Seth Ackerman SAckerman at
Wed Aug 18 13:51:35 PDT 1999

> Doug Henwood wrote:
> > Yup. One of my beefs with the average media critic is that they
> > rarely talk about this sort of thing - they're so busy bellyaching
> > about concentration of ownership that they forget that they should be
> > nurturing critical media rather than expecting the New York Times to
> > call Chomsky for a quote on U.S. foreign policy. Maybe that's just
> > self-interest talking.

Carrol Cox wrote:

> Doug is almost too kind to the media critics he speaks of. Both the
> whining about how much worse things are *and* the implicit or
> explicit demand that the New York Times should attack imperialism
> are thinly disguised versions of the argument that the evils of
> capitalism are aberrations rather than fundamental.
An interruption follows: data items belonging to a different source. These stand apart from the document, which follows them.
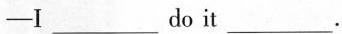
—— I___do it___.
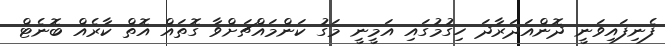
ފެނިފައިވަނީ ދޮންއަދަރާދަ ހިގުމުގައި އަމީނީ މަގު ކަންމައްޗަށްވާ ގޮތައް އޮތް ކާރެއް ބޮނެޓް
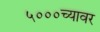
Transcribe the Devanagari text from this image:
५०००च्यावर
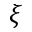
\xi
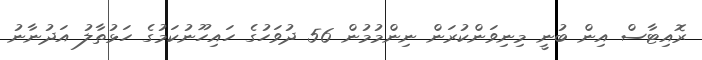
ރޮއިޓާސް އިން ބުނީ މިނިވަންކުރަން ނިންމުމުން 56 ދުވަހުގެ ހައިހޫނުކަމުގެ ހަޅުތާލު އަދުނާނު
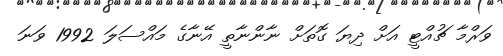
ވަރްމާ ޗުއްޓީ އަށް ދިޔަ ގޮތަށް ނާންނާތީ އޭނާގެ މައްސަލަ 1992 ވަނަ
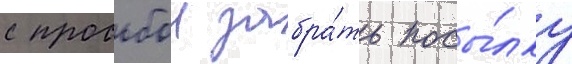
с просьбои забра́ть посы́лку
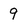
Character: 9
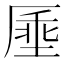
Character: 𫨔

Has anyone on
> this list read Upton Sinclair's *The Brass Check*? I believe it was
> written around 1905. It's been over 50 years since I read it, but
> if I remember it at all correctly it would be possible to argue that
> even *Time* and *USA Today* give more honest news coverage
> than did the "independent" press of a hundred years ago.
> I'm bothered rather more by the *Nation*'s subservience to the
> Democratic party than I am by anything the *Times* or other
> corporate newspapers print or don't print.

I guess it would look odd if I didn't add something here.
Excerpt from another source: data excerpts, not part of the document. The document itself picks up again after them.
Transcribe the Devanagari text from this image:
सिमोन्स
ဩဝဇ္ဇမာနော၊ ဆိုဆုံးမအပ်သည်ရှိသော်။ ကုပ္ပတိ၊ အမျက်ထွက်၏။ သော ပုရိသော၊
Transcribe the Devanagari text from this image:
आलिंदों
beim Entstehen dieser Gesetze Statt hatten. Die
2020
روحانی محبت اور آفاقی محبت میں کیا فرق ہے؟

The most important task of the media critic, in my opinion, is to teach people to look at the mainstream media more skeptically.

It does no good just to say "well, of course the New York Times is a capitalist tool." Most people don't know that. The media are very effective propagandists -- even against targets who think of themselves as "skeptical" or "cynical" about the media -- and they're everywhere. That's why it's still necessary to criticize the New York Times everyday.
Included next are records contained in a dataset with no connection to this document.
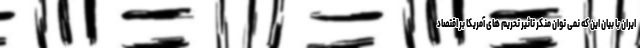
ایران با بیان این که نمی توان منکر تاثیر تحریم های آمریکا بر اقتصاد
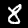
Digit: 8
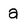
Character: a
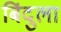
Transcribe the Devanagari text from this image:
बिंदुला
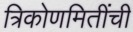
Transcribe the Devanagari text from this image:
त्रिकोणमितींची
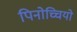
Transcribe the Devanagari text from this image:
पिनोच्चियो
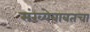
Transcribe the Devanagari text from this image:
संख्येबाबतचा
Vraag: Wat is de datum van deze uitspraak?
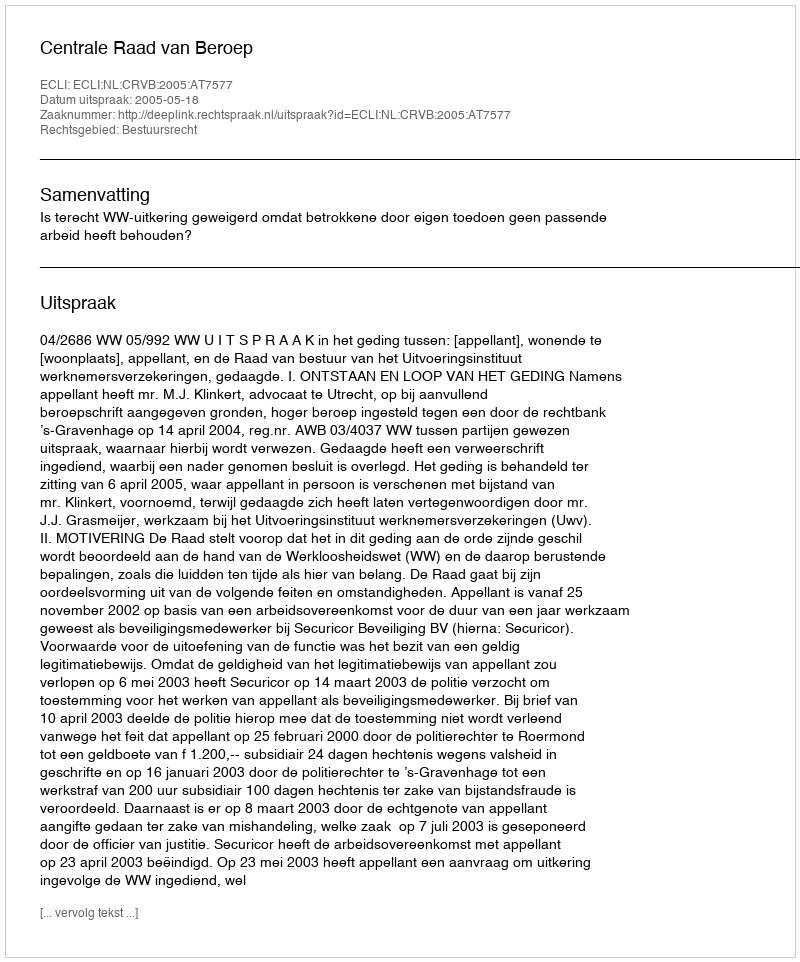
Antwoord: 2005-05-18

I wholeheartedly agree with the sentiment that the mainstream media were never somehow better than they are now. In fact, they were much worse. On the other hand, it's indisputable that there's a lot less independent media out there than there was 100 years ago. (At least in terms of readership.) Appeal to Reason, the midwestern socialist paper, had an enormous circulation.

As for nurturing alternative media today, I think it's crucial. But how do you do that?